Девушка. Я-то между прочим работаю. Уже два года. Над собой. И я имею представление о мире тонкой материи [7. С. 170].
<... >
Девушка5. Ей-богу! Нет, не шок, это как-то по-другому называется... Сейчас вспомню. Что-то типа «катаракты», да. Нет. Не помню. Маразм [7. С. 168].
Таким образом, она реализует в поведении то, что старается различить в своем сознании. Ее поступки, ее решения и ее идеи структурно играют ту же роль по отношению к идеалам и стремлениям, какую играет коммуникативное событие (зрительный зал - сценическое действие) по отношению к ее попыткам прервать игру. Игра длится, и смена пространства ни к чему не приводит. Тем самым мы можем констатировать, что мотив игры в пьесе А. Шипенко моделирует безысходность, которая и является искомым нами художественным обобщением, спроецированным на обыденное сознание.

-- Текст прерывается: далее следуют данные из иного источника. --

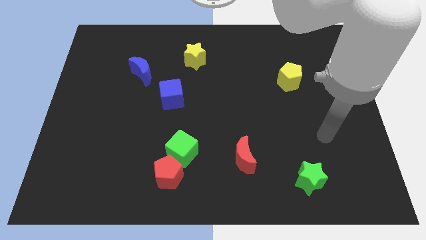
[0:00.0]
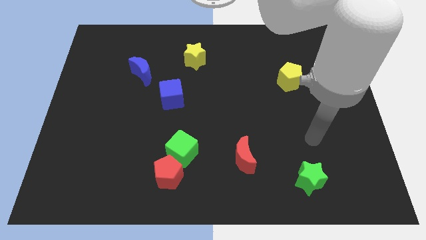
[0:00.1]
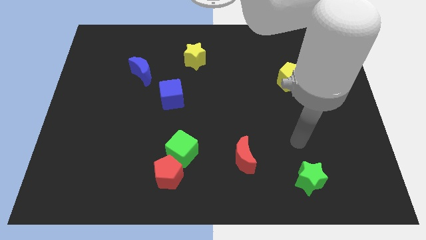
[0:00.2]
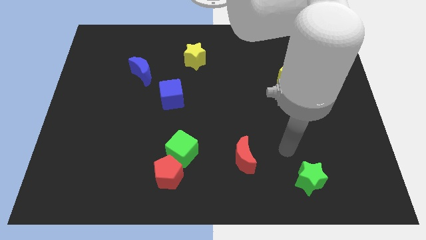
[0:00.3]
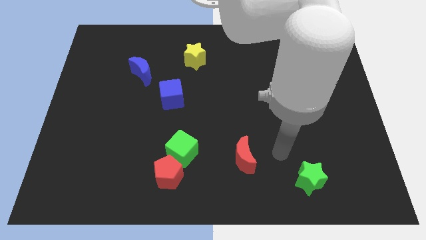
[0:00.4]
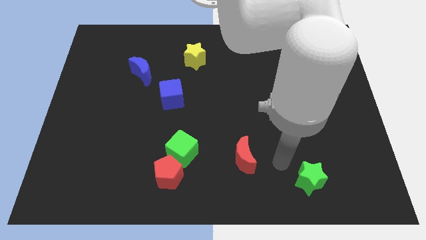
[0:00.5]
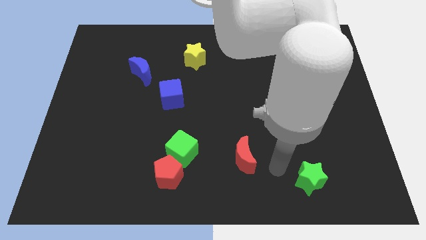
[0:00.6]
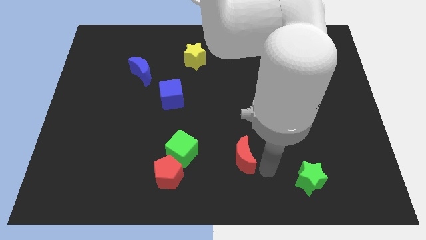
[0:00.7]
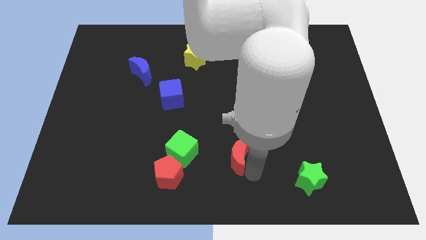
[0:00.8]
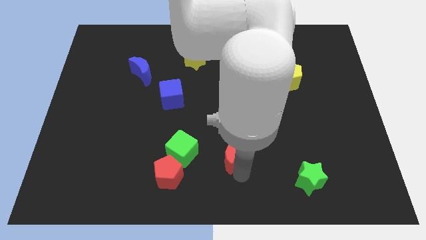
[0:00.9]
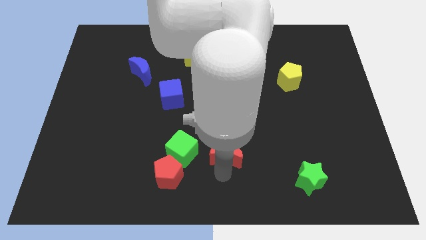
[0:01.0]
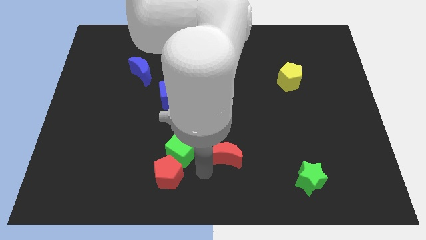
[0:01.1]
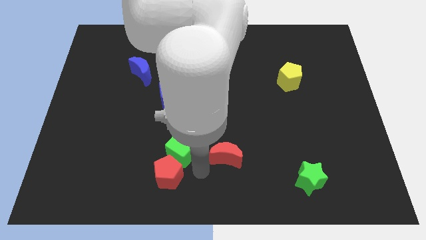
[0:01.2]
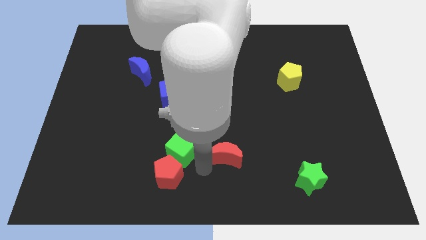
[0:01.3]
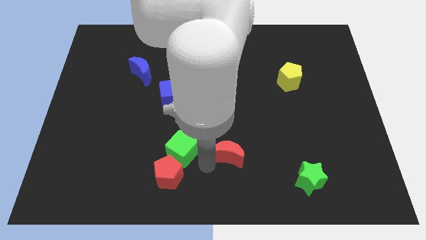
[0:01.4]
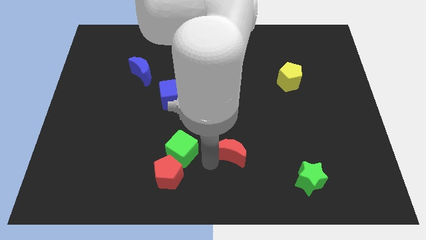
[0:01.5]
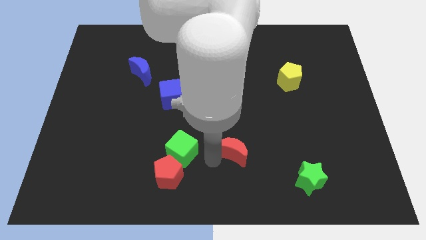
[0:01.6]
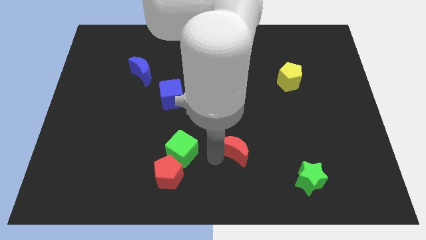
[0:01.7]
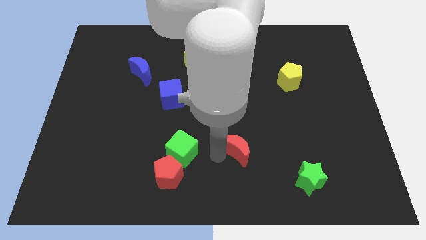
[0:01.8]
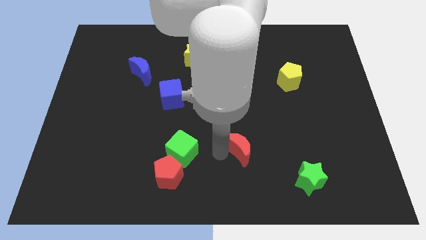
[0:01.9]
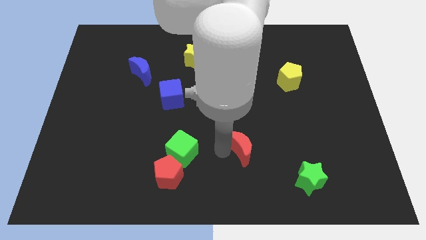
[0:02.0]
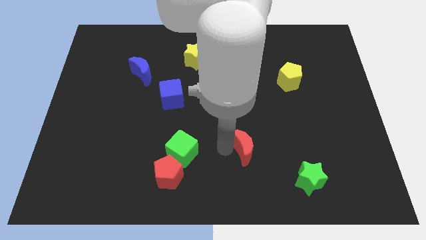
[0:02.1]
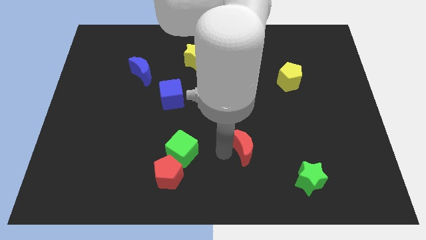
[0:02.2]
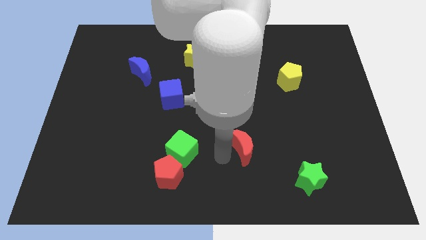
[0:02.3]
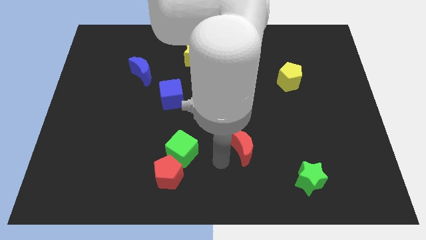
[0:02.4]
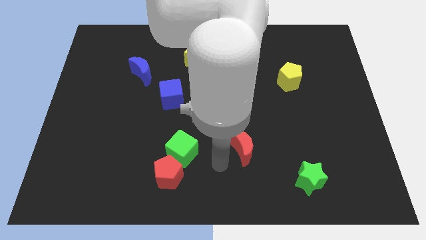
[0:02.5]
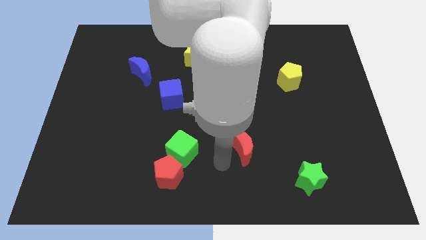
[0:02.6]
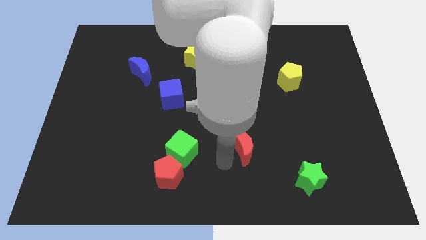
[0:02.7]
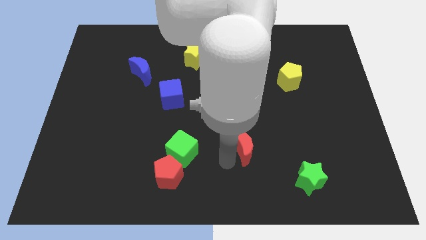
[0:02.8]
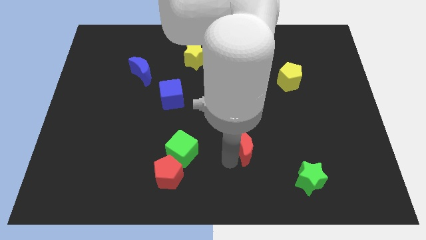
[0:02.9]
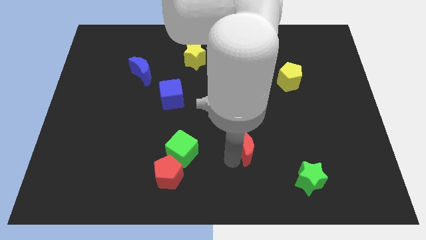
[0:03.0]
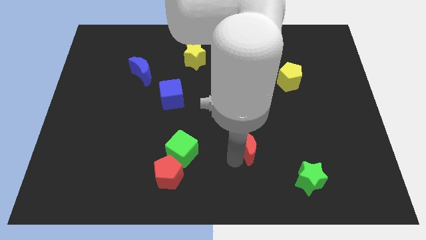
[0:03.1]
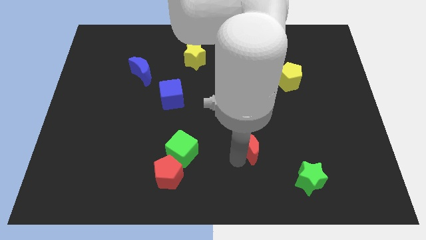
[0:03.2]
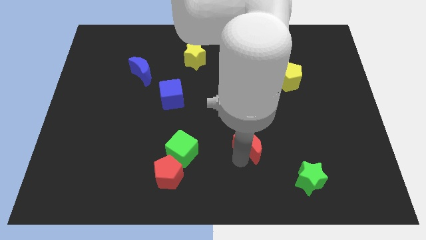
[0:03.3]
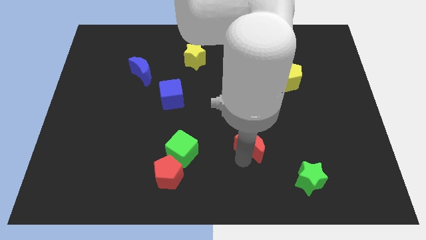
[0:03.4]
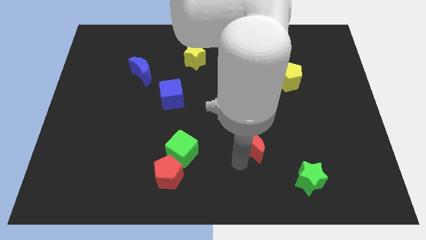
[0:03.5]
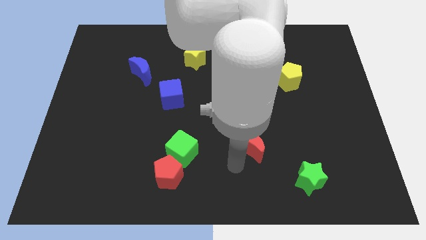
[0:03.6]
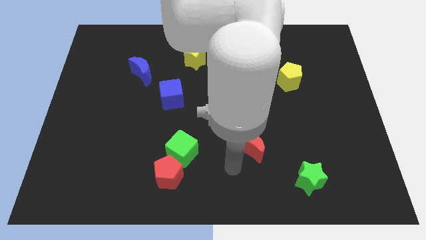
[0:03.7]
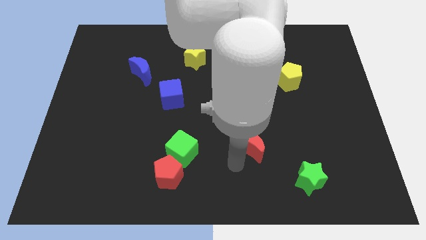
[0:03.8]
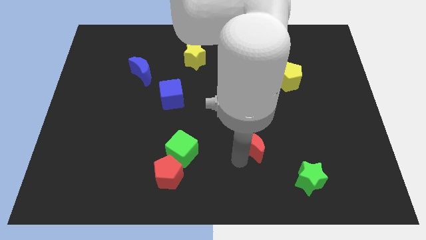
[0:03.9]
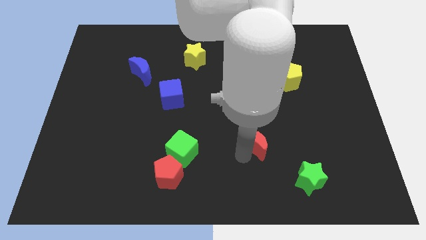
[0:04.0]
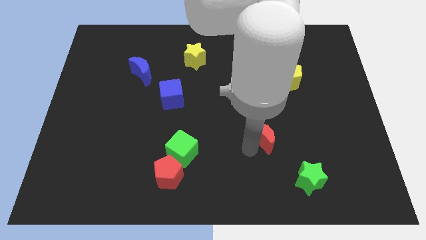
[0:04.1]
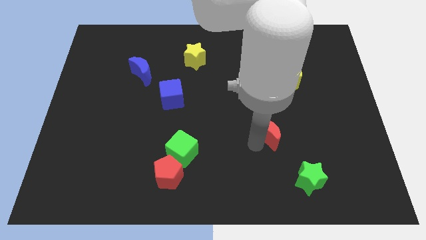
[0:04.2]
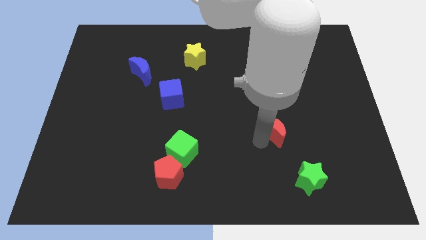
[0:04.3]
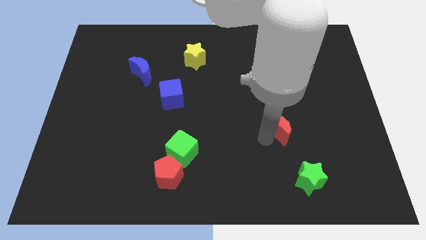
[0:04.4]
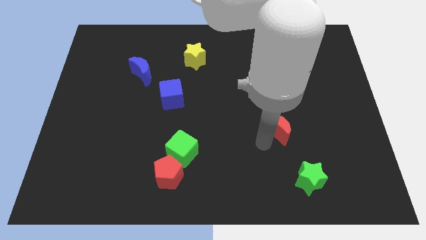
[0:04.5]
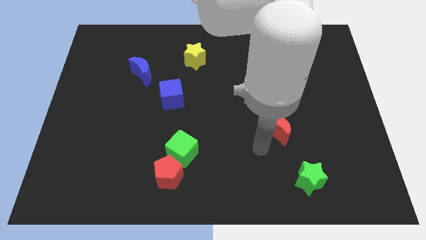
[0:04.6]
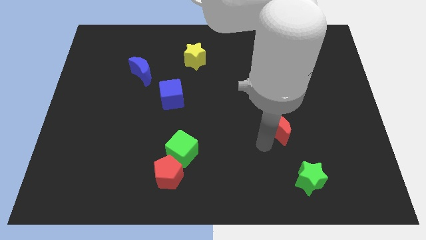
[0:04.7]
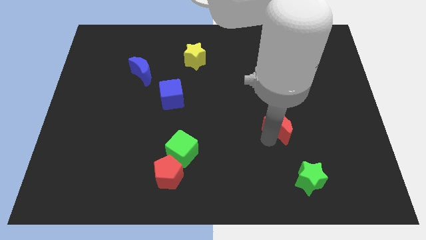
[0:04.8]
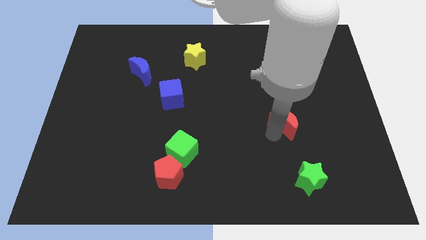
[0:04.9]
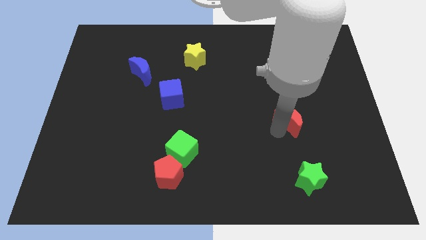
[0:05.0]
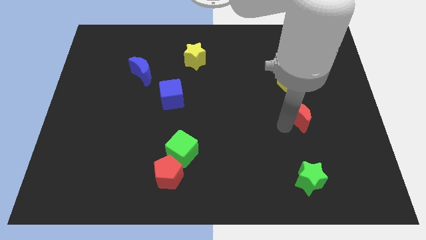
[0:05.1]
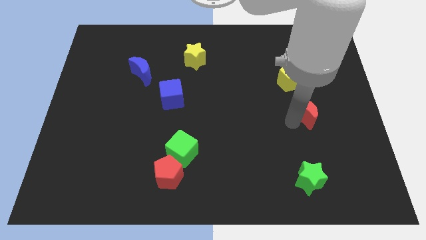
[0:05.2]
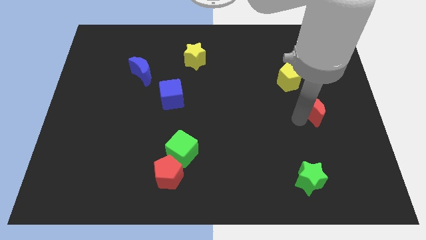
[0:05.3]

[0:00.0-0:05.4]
move the red moon to the bottom right of the yellow pentagon

Следовательно, парадокс обыденного сознания заключается в том, что оно утверждает то, что опровергает, и опровергает то, что утверждает, образуя при этом «равноценность» утверждений и опровержений. Обыденное сознание играет в том смысле, что оно не образует неразрешимых противоречий. Мотив игры, воплощенный в пьесе А. Шипенко, позволяет обобщить и выявить парадоксы обыденного сознания, не создавая при этом рефлексивно-критической установки, которая позволила бы зрителям дистанцироваться от происходящего, поскольку коммуникативная установка для них оказывается первичной, а проникновение в сознание девушки - вторичным.
ПРИМЕЧАНИЯ
1 Следует указать на то, что использование экрана позволяет сравнивать пьесу А. Шипенко с драмой Теннесси Уильямса «Стеклянный зверинец», однако это сравнение не входит в задачи данной статьи. См. далее по тексту наши мысли об американском контексте в сознании героини.

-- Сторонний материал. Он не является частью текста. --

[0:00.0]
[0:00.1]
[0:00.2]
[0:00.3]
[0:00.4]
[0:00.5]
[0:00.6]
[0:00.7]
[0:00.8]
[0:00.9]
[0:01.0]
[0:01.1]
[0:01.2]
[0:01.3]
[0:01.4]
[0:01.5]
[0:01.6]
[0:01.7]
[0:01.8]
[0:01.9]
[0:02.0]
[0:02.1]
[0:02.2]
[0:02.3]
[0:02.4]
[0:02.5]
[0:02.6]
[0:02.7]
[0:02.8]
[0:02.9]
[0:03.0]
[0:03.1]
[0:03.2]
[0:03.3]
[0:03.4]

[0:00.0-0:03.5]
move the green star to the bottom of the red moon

2 В классическом театре с точки зрения вымышленного события существует только «эта» реальность, вокруг которой нет ни зрителей, ни какого-либо другого внешнего пространства.
3 На военном кладбище Вест-Пойнт действительно похоронены многие выдающиеся женщины.
4 Как известно, в английском языке цвета шахмат - white & red.
5 Пытается вспомнить понятие катарсис.
ЛИТЕРАТУРА
1. Силантьев И.В. Поэтика мотива. М. : Языки славянской культуры, 2004. 223 с.
2. Евреинов Н. Театр как таковой. Обоснование театральности в смысле положительного начала сценического искусства в жизни. М. : Время,
1923. С. 80-110.
3. Хализев В.Е. Драма как явление искусства. М. : Искусство, 1978. 239 с.
4. Кайуа Р. Игры и люди. Статьи и эссе по социологии культуры. М. : ОГИ, 2007. 304 с.
5. Силантьев И. Мотив как проблема нарратологии // Критика и семиотика. 2002. Вып. 5. С. 32-60.
6. Тамарченко Н.Д. Теория литературы : учеб. пособие для вузов : в 2 т. М. : Академия, 2004. Т. 1. 509 с.
7. Шипенко А. Игра в шахматы // Театр. 1992. № 8. С. 167-171.
Статья представлена научной редакцией «Филология» 21 июня 2012 г.